Contoh Sinopsis Novel 1
Pulang
Keadaan alam desa itu masih seperti alam yang dulu, saat ia tinggalkan tujuh tahun yang lalu.
Hal ini membuatnya terkenang pada peristiwa-peristiwa tujuh tahun yang silam.
Kini ia telah pulang. Tiada yang dapat menggelorakan hatinya selain pertemuan dengan keluarganya yang masih utuh. Mereka sangat bersyukur atas pertemuan ini. Tamin jadi teringat kepada teman-temannya yang ternyata telah gugur pada saat melawan NICA. Hal ini diceritakan ibunya dengan gaya yang lain. Ada perubahan pada dasar hati penduduk desa ini, yaitu tumbuhnya rasa nasionalisme. Kemudian, ganti giliran Tamin yang bercerita.
Tamin yang bekas serdadu itu berkemauan keras membenahi keadaan yang dirasakan tidak beres. Kandang sapi yang telah kosong hendak dibelikan sapi untuk mengerjakan sawah. Tapi ternyata mereka tidak punya sawah lagi. Sawahnya digunakan untuk menyelamatkan ayahnya dari maut, di saat situasi ekonomi yang sulit pada zaman perang. Dari tetangganya didengarnya pula tentang hal itu, tentang keadaan fisik ayahnya yang semakin buruk saja. Oleh karena itu, ia bertekad untuk menebus tanah itu lagi.
Ayahnya yang merasa bertanggung jawab terhadap anaknya juga menjelaskan tentang tanah itu. Tamin mengerti, memang, perang sangat kejam dan meminta segala korban sampai tanah itu.
Tamin mengerti, memang perang sangat kejam dan meminta segala korban sampai ia harus pergi.
Dan, bila perang usai, hanya satu yang diinginkannya, pulang. Hal itu kini telah dirasakan.
Malam itu mereka bertiga duduk berhadapan. Tamin menghitung uang yang dibawanya dari seberang, dan sebuah lipatan kain yang berisi kalung beruntaikan permata. Harta ini barangkali dapat dipakai untuk membeli sawahnya kembali. Esok harinya, pagi-pagi sekali, Tamin dan Sumi, adiknya pergi ke kota. Dibelikannya tiga ekor ayam dan pakaian untuk Sumi. Kalungnya telah dijual.

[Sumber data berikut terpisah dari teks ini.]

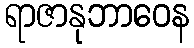
ရာဇာနုဘာဝေန
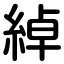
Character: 綽
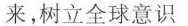
来，树立全球意识
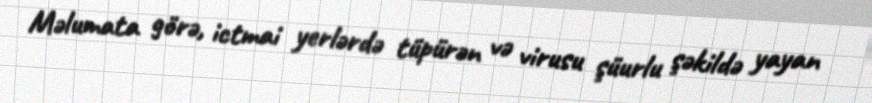
Məlumata görə, ictmai yerlərdə tüpürən və virusu şüurlu şəkildə yayan
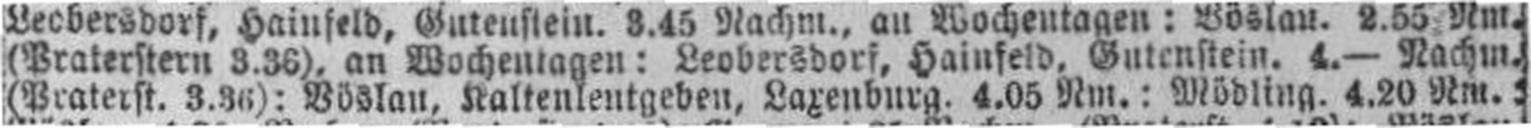
(Praterst. 3.36): Böslau, Kaltenleutgeben, Laxenburg. 4.05 Nm.: Mödling. 4.20 Nm.
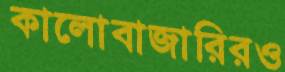
কালোবাজারিরও
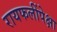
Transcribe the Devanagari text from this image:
रायफलींपेक्षा
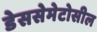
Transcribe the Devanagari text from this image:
डेससेमेटोसील

Akhirnya, sawah itu dapat dimilikinya lagi dari Pak Jais yang selama ini menanaminya. Keesokan harinya ayah Tamin pergi ke sawah yang telah lama hilang. Ia begitu bahagia. Anaknya telah pulang tidak hanya membawa tubuh jiwanya, tetapi juga tanah pusaka. Sejak hari itu Tamin bekerja keras di sawah dari pagi hingga petang. Pada malam hari Tamin masih sempat mengalunkan tembang Asmaradana. Suaranya yang amat halus punya kekuatan menggerakkan hati sanubari seluruh kampungnya. Tamin telah membuat ayahnya sangat bahagia.

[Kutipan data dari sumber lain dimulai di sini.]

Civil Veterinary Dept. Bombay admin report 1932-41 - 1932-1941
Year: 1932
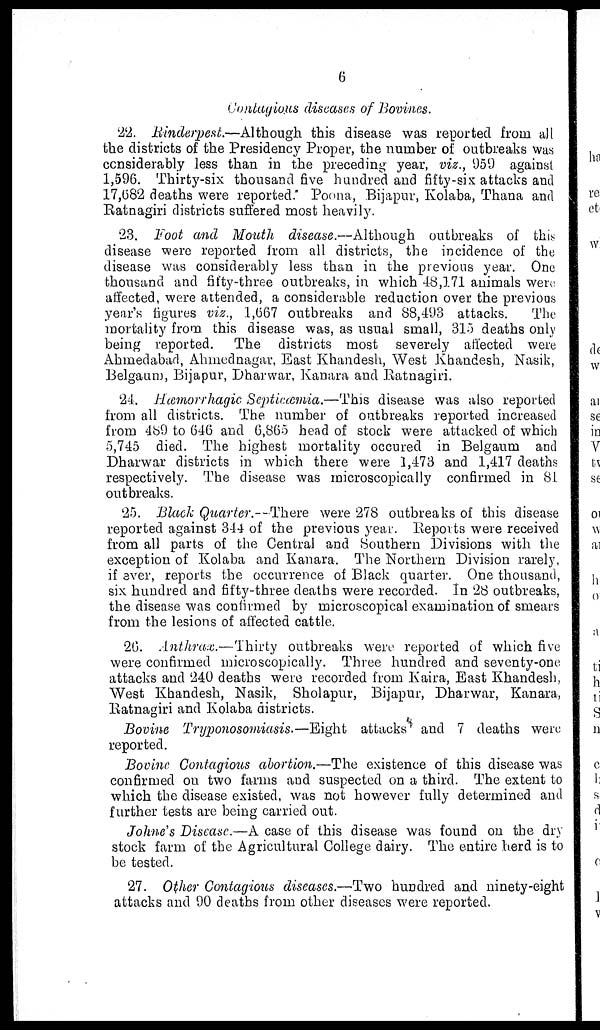
6
Contagious diseases of Bovines.
22. Rinderpest.—Although this disease was reported from all
the districts of the Presidency Proper, the number of outbreaks was
considerably less than in the preceding year, viz., 959 against
1,596. Thirty-six thousand five hundred and fifty-six attacks and
17,682 deaths were reported. Poona, Bijapur, Kolaba, Thana and
Ratnagiri districts suffered most heavily.
23. Foot and Mouth disease.—Although outbreaks of this
disease were reported from all districts, the incidence of the
disease was considerably less than in the previous year. One
thousand and fifty-three outbreaks, in which 48,171 animals were
affected, were attended, a considerable reduction over the previous
year's figures viz., 1,667 outbreaks and 88,493 attacks.
The
mortality from this disease was, as usual small, 315 deaths only
being reported. The districts most severely affected were
Ahmedabad, Ahmednagar, East Khandesh, West Khandesh, Nasik,
Belgaum, Bijapur, Dharwar, Kanara and Ratnagiri.
24. Hæmorrhagic Septicæmia.—This disease was also reported
from all districts. The number of outbreaks reported increased
from 489 to 646 and 6,865 head of stock were attacked of which
5,745 died. The highest mortality occured in Belgaum and
Dharwar districts in which there were 1,473 and 1,417 deaths
respectively. The disease was microscopically confirmed in 81
outbreaks.
25. Black Quarter.—There were 278 outbreaks of this disease
reported against 344 of the previous year. Reports were received
from all parts of the Central and Southern Divisions with the
exception of Kolaba and Kanara. The Northern Division rarely,
if ever, reports the occurrence of Black quarter. One thousand,
six hundred and fifty-three deaths were recorded. In 28 outbreaks,
the disease was confirmed by microscopical examination of smears
from the lesions of affected cattle.
26. Anthrax.—Thirty
outbreaks were reported of which five
were confirmed microscopically. Three hundred and seventy-one
attacks and 240 deaths were recorded from Kaira, East Khandesh,
West Khandesh, Nasik, Sholapur, Bijapur, Dharwar, Kanara,
Ratnagiri and Kolaba districts.
Bovine Trypanosomiasis.—Eight attacks and 7 deaths were
reported.
Bovine Contagious abortion.—The existence of this disease was
confirmed on two farms and suspected on a third. The extent to
which the disease existed, was not however fully determined and
further tests are being carried out.
Johne's Disease.—A case of this disease was found on the dry
stock farm of the Agricultural College dairy. The entire herd is to
be tested.
27. Other Contagious diseases.—Two hundred and ninety-eight
attacks and 90 deaths from other diseases were reported.

Hari-hari Tamin penuh dengan kesibukan. Di sawah ia begitu gembira melihat sinar mata ayahnya yang bercahaya lagi. Ia nampak begitu sehat dan kuat. Tamin merasa lebih kaya lagi dalam hidupnya semenjak bertemu dengan Isah, yang merupakan sebagian dari hari-harinya yang menyenangkan.
Siang itu ia bertemu dengan Pak Banji yang periang di sawah. Ia diundang ke rumahnya dan disuruh datang ke pendopo desa untuk bermusyawarah. Dalam perjalanan pulang Tamin bertemu dengan Isah. Ia begitu bingung.

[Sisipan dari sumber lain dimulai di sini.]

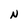
Character: N
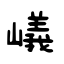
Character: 嶬
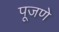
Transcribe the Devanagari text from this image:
पूजणे
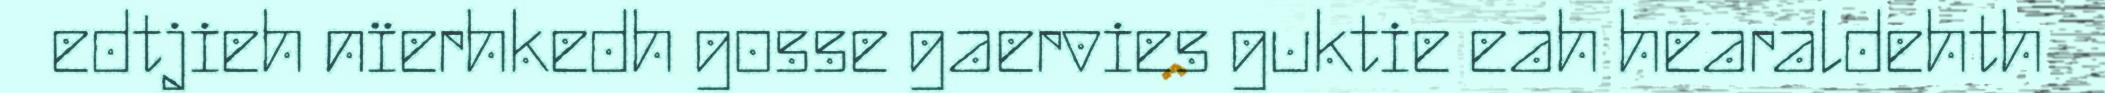
edtjieh nïerhkedh gosse gaervies guktie eah hearaldehth
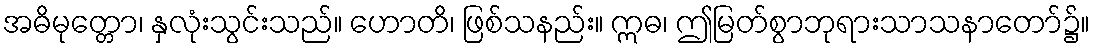
အဓိမုတ္တော၊ နှလုံးသွင်းသည်။ ဟောတိ၊ ဖြစ်သနည်း။ ဣဓ၊ ဤမြတ်စွာဘုရားသာသနာတော်၌။
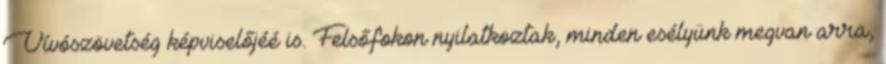
Vívószövetség képviselőjéé is. Felsőfokon nyilatkoztak, minden esélyünk megvan arra,
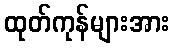
ထုတ်ကုန်များအား
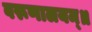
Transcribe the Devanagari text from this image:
वरूणालयम्॥
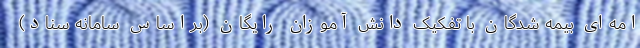
امه‌ای بیمه شدگان با تفکیک دانش آموزان رایگان (براساس سامانه سناد)
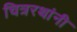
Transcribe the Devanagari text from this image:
चित्ररथांनी

Sesampainya di rumah, ibunya menanyakan, kalau ada kisah-kisah dalam pengembaraannya yang mungkin belum diceritakan. Tamin menceritakan tentang perkawinannya dengan gadis seberang dan anaknya yang telah meninggal di sana. Ia tampak begitu sedih. Ibunya berkata, ia akan merestui
seandainya nanti Tamin memilih Isah sebagai istrinya.
Pada malam yang ditentukan Tamin datang juga ke pendopo kelurahan menghadiri musyawarah pemugaran makam Gamik dan Pardan. Ia berkumpul dengan para orang tua. Mereka saling menceritakan pengalaman masing-masing di medan perang dengan bangganya. Tiba saat giliran Tamin untuk bercerita.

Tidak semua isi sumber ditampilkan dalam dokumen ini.